Most fixtures don't have direct Art-Net input, so node boxes take the packets for one of the universes from the ethernet connector and output them to an XLR connector, also called a DMX port. There are various brands and models for DMX nodes, but they usually don't have more than 8 XLR output connectors, meaning you will have to specify on the node which universes to take from the Art-Net input and output as DMX. How to do that varies per model and can always be found in their manuals.

DMX nodes come in a big range of pricing and features. An example of a cheap single-output node we have used with good results is the Enttec ODE.

Enttec ODE

An example of a higher-range node we have used for larger events is from ELC:

ELC node

Expensive DMX nodes are often provided for rental by the same rental companies that rent out fixtures.

Finally it is good to know that ethernet cables can be connected just like any network. If you want to have multiple nodes, for example for different locations on stage, you can use a network switch to copy the network signals to multiple locations.

Network switch

For more information about networking, see Network terminology.

Numbering convention

An on-going debate in the lighting world is the question what number to give the first value in a series. What address do I give the first fixture in my patch list: 1 or 0? The same question holds for universes.
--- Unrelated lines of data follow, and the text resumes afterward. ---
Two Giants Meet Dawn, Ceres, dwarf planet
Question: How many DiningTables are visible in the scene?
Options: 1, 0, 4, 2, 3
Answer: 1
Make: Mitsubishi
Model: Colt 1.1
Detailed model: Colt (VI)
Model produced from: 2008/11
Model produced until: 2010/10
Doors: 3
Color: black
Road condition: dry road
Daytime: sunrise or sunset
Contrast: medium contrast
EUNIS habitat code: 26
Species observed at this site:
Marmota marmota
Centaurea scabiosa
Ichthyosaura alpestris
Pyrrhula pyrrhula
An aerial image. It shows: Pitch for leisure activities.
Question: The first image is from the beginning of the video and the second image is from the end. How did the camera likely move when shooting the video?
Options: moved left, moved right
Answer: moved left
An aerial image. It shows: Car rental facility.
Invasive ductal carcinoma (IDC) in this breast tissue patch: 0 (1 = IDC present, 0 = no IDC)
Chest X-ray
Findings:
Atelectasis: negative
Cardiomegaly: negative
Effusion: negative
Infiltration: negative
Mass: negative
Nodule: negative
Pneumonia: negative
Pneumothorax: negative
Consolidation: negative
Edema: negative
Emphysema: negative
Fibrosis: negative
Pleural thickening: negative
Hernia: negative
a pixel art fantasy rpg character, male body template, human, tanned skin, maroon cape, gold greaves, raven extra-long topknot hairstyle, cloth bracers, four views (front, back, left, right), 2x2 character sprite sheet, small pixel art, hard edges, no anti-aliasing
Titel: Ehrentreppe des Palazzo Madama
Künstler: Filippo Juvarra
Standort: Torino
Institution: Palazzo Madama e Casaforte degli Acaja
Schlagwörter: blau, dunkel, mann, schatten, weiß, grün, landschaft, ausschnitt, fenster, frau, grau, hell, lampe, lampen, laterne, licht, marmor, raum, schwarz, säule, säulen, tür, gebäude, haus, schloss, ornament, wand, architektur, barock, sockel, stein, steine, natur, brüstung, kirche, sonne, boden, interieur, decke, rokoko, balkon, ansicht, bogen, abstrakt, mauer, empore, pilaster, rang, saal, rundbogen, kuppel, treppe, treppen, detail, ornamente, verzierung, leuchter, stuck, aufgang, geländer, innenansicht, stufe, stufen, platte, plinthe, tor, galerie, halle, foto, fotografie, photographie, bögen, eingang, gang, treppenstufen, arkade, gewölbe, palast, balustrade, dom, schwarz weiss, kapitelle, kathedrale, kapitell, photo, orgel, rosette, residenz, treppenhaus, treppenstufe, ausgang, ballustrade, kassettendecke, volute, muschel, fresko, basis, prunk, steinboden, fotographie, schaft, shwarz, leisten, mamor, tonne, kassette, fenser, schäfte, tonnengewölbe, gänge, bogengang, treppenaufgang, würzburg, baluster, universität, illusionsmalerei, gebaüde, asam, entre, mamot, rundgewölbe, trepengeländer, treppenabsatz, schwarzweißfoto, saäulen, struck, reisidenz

When seeing this value as an address, 1 makes most sense. But when seeing it as an offset, 0 makes more sense.

On fixtures the address approach is most common, designating the first channel to be 1. But in universe numbering, especially in Art-Net interfaces, 0 is often used to indicate the first universe. It is usually easy to find out what the convention is in a given situation, as long as you are aware that different interfaces can use different conventions.

Beam uses the convention that 1 is always the first entry, both in fixture addresses and in universe numbers.